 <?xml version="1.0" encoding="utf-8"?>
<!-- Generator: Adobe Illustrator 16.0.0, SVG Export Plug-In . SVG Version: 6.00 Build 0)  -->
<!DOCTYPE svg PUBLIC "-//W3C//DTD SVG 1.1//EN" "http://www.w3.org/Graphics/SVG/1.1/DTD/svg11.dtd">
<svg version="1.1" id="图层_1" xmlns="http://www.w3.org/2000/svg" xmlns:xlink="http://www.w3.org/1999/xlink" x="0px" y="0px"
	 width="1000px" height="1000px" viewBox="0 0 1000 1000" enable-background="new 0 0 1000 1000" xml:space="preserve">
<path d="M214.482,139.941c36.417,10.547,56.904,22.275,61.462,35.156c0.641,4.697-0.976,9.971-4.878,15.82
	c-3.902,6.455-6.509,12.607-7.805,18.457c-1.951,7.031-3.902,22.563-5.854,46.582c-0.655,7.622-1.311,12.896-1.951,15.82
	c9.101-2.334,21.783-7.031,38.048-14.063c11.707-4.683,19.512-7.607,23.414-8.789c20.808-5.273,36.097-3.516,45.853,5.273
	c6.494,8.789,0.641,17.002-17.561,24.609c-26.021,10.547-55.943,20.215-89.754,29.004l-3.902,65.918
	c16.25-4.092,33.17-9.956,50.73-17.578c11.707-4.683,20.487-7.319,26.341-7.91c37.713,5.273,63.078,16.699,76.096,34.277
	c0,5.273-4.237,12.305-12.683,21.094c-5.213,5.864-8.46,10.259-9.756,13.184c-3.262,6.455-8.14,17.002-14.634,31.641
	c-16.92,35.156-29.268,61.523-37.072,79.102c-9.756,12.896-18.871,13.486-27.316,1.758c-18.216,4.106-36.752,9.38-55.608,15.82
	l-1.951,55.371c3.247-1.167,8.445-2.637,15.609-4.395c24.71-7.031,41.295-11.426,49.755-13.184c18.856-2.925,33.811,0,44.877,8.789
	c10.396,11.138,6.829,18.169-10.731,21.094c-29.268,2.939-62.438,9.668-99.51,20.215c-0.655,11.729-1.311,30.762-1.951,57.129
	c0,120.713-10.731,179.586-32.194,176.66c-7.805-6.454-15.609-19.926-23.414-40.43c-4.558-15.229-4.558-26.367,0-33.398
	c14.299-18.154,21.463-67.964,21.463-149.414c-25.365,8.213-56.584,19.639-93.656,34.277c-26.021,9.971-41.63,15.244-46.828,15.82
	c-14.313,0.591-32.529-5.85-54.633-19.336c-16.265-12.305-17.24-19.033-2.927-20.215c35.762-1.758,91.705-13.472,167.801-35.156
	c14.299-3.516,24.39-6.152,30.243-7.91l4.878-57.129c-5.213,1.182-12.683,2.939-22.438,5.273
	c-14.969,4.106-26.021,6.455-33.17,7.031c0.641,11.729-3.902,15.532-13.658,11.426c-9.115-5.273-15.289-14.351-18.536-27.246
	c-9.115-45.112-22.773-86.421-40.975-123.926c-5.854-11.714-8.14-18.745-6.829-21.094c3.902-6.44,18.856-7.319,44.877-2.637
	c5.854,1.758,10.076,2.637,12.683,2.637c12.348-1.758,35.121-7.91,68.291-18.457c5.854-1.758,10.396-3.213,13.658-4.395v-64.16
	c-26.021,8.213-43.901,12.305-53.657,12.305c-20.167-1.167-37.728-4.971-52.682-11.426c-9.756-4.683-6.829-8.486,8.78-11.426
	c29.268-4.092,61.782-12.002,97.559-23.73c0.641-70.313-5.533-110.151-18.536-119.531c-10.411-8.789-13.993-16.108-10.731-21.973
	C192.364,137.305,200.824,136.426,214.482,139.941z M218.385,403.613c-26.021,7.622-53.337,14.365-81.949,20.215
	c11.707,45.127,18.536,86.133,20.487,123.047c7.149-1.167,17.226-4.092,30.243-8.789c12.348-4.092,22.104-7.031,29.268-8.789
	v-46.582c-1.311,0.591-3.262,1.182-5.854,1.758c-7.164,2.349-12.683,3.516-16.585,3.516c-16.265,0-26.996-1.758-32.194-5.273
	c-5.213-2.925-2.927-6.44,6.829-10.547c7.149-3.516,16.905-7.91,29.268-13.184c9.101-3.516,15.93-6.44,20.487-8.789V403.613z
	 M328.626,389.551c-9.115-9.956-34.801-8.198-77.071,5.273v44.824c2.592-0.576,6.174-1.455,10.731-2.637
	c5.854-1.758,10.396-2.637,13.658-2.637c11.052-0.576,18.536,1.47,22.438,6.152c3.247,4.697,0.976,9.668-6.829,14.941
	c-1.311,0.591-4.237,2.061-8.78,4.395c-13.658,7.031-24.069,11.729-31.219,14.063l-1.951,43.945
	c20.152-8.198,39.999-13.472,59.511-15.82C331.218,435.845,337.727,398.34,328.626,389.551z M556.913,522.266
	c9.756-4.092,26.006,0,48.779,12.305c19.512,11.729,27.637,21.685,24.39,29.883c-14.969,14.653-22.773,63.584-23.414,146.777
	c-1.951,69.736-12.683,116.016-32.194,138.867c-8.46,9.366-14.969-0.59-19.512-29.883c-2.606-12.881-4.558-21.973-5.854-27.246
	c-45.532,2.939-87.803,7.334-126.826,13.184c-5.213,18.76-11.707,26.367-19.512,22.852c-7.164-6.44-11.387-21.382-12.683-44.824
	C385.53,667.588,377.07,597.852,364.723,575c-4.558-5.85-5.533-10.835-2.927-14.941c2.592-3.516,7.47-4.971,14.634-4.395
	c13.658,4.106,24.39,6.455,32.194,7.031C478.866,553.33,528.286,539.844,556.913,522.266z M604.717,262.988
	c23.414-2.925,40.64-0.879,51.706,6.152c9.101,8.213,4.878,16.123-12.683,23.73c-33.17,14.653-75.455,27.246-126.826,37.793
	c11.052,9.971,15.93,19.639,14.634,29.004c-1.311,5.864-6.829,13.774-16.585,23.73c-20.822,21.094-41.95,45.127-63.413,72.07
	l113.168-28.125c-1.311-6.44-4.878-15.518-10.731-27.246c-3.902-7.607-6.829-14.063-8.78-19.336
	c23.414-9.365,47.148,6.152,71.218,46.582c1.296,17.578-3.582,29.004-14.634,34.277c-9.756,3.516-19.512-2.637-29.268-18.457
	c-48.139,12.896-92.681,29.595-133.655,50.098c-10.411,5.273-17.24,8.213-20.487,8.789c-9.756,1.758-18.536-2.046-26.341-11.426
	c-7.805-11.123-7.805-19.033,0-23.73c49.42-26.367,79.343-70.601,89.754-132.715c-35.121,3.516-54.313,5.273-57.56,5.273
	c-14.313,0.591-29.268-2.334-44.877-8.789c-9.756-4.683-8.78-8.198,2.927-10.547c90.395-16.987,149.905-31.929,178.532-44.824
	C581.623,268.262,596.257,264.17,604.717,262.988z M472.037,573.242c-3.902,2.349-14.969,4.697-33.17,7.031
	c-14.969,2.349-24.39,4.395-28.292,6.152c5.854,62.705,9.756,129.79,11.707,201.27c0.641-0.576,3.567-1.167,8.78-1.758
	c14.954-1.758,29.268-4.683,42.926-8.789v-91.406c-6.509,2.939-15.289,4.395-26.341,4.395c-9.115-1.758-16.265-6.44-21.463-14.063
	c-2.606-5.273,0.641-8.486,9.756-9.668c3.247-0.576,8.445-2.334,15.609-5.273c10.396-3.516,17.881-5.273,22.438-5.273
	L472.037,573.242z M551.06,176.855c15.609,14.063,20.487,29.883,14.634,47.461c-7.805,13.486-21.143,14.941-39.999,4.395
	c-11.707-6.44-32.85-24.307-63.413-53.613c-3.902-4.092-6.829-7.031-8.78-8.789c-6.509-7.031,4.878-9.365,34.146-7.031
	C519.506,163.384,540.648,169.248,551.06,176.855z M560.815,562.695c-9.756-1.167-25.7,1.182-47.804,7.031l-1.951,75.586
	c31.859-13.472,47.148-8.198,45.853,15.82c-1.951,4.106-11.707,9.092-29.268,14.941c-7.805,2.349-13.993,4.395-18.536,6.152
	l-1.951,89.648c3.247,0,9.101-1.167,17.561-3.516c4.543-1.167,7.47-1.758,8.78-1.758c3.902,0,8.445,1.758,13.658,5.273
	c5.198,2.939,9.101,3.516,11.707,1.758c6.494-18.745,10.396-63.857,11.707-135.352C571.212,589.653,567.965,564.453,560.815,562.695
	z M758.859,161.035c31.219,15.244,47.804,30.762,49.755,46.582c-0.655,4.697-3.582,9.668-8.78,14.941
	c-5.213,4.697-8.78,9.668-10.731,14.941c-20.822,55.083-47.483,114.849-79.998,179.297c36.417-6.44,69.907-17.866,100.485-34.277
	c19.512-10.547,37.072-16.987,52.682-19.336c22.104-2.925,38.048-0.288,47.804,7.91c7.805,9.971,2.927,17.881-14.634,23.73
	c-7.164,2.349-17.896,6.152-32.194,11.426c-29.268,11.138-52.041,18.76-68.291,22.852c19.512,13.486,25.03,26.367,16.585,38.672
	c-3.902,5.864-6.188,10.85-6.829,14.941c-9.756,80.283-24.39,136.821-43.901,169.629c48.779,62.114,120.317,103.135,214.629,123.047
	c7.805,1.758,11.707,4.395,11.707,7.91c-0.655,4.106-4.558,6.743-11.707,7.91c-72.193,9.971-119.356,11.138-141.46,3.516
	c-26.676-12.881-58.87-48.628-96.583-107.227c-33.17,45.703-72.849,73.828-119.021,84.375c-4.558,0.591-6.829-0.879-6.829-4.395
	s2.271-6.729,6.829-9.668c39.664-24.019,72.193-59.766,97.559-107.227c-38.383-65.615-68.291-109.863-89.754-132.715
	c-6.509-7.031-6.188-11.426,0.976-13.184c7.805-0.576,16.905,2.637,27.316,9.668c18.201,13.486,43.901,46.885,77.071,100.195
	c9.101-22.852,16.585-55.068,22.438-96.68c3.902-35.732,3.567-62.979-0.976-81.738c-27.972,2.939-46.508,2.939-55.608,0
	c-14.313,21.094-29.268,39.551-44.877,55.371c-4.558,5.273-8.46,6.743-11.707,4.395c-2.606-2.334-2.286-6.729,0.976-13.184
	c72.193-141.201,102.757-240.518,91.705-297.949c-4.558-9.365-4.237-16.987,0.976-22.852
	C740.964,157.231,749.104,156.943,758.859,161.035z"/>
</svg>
————
▶ Work instruction
Every line above that includes the word "http" should be listed.

▶ Task answer
<!DOCTYPE svg PUBLIC "-//W3C//DTD SVG 1.1//EN" "http://www.w3.org/Graphics/SVG/1.1/DTD/svg11.dtd">
<svg version="1.1" id="图层_1" xmlns="http://www.w3.org/2000/svg" xmlns:xlink="http://www.w3.org/1999/xlink" x="0px" y="0px"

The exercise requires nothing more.